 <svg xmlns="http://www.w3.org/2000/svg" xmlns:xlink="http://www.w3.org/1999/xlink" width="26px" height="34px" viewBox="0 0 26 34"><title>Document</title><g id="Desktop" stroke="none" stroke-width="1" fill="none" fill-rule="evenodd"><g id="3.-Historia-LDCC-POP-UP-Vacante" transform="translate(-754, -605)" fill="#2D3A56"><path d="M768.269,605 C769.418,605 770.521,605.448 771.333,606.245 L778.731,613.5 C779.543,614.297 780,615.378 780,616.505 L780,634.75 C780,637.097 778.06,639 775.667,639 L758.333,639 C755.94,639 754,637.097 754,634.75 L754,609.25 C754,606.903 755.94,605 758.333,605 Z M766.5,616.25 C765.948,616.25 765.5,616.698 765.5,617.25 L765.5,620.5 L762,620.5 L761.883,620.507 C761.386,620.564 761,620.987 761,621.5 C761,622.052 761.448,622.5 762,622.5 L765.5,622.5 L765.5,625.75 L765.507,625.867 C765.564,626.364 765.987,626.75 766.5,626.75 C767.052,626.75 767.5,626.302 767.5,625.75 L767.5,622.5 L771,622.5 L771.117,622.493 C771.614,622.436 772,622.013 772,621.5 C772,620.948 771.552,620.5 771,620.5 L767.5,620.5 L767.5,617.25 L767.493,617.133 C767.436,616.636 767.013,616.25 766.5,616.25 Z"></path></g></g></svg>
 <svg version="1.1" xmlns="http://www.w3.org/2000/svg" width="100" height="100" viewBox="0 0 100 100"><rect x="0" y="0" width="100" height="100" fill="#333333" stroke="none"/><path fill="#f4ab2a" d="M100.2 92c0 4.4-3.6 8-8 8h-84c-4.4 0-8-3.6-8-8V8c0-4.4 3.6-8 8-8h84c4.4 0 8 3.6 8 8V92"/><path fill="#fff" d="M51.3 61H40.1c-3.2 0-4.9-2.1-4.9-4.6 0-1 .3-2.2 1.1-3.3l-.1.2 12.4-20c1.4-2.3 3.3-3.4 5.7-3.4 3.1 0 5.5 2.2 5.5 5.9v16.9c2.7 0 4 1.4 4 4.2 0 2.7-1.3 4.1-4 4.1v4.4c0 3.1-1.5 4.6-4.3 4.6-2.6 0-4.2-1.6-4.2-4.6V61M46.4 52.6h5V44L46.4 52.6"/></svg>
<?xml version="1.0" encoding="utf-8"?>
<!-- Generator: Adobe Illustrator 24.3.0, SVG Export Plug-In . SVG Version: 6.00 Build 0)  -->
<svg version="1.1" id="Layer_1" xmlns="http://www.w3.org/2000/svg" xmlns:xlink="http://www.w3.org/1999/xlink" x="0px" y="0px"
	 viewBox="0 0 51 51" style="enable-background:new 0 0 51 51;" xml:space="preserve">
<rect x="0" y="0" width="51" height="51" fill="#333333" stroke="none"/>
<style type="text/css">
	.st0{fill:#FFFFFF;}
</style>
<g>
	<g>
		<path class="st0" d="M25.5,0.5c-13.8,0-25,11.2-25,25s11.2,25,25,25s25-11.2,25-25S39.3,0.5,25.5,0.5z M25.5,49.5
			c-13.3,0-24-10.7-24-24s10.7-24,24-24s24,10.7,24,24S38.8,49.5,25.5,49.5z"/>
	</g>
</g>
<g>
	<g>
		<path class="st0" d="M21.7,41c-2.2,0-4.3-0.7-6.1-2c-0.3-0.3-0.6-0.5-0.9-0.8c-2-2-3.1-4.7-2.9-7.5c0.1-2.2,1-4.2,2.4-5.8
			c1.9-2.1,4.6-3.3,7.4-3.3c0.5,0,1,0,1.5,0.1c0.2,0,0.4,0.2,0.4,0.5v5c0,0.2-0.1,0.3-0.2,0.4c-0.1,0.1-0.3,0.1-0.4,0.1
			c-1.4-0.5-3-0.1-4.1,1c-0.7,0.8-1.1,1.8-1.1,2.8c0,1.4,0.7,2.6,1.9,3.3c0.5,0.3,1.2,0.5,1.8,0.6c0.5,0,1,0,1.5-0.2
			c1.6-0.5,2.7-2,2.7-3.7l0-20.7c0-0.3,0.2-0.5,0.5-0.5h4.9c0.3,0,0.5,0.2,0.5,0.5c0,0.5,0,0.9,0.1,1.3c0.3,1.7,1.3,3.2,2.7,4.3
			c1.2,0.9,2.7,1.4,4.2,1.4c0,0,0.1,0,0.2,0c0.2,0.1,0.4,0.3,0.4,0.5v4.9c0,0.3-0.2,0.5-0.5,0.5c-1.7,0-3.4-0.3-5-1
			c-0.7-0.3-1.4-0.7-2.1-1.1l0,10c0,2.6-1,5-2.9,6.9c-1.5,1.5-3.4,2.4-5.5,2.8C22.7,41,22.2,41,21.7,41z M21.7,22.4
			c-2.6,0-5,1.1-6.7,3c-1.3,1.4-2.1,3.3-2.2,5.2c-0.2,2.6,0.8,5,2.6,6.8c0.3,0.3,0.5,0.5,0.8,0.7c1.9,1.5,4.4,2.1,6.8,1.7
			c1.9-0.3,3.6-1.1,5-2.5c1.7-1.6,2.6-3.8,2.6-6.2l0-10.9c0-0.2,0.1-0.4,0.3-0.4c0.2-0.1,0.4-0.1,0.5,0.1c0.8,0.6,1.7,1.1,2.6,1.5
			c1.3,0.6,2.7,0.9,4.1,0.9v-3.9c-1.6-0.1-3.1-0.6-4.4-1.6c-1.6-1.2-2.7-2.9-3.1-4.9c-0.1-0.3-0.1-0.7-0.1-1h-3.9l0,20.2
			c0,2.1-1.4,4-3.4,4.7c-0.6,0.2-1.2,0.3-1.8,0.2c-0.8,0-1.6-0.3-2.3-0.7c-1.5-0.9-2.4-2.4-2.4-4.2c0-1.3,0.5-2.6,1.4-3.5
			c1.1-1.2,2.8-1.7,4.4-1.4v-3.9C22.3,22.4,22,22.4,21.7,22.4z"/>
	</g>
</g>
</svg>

**Requirement**
Where a line in the material above holds "rect", copy that line.

**Exercise output**
 <svg version="1.1" xmlns="http://www.w3.org/2000/svg" width="100" height="100" viewBox="0 0 100 100"><rect x="0" y="0" width="100" height="100" fill="#333333" stroke="none"/><path fill="#f4ab2a" d="M100.2 92c0 4.4-3.6 8-8 8h-84c-4.4 0-8-3.6-8-8V8c0-4.4 3.6-8 8-8h84c4.4 0 8 3.6 8 8V92"/><path fill="#fff" d="M51.3 61H40.1c-3.2 0-4.9-2.1-4.9-4.6 0-1 .3-2.2 1.1-3.3l-.1.2 12.4-20c1.4-2.3 3.3-3.4 5.7-3.4 3.1 0 5.5 2.2 5.5 5.9v16.9c2.7 0 4 1.4 4 4.2 0 2.7-1.3 4.1-4 4.1v4.4c0 3.1-1.5 4.6-4.3 4.6-2.6 0-4.2-1.6-4.2-4.6V61M46.4 52.6h5V44L46.4 52.6"/></svg>
<rect x="0" y="0" width="51" height="51" fill="#333333" stroke="none"/>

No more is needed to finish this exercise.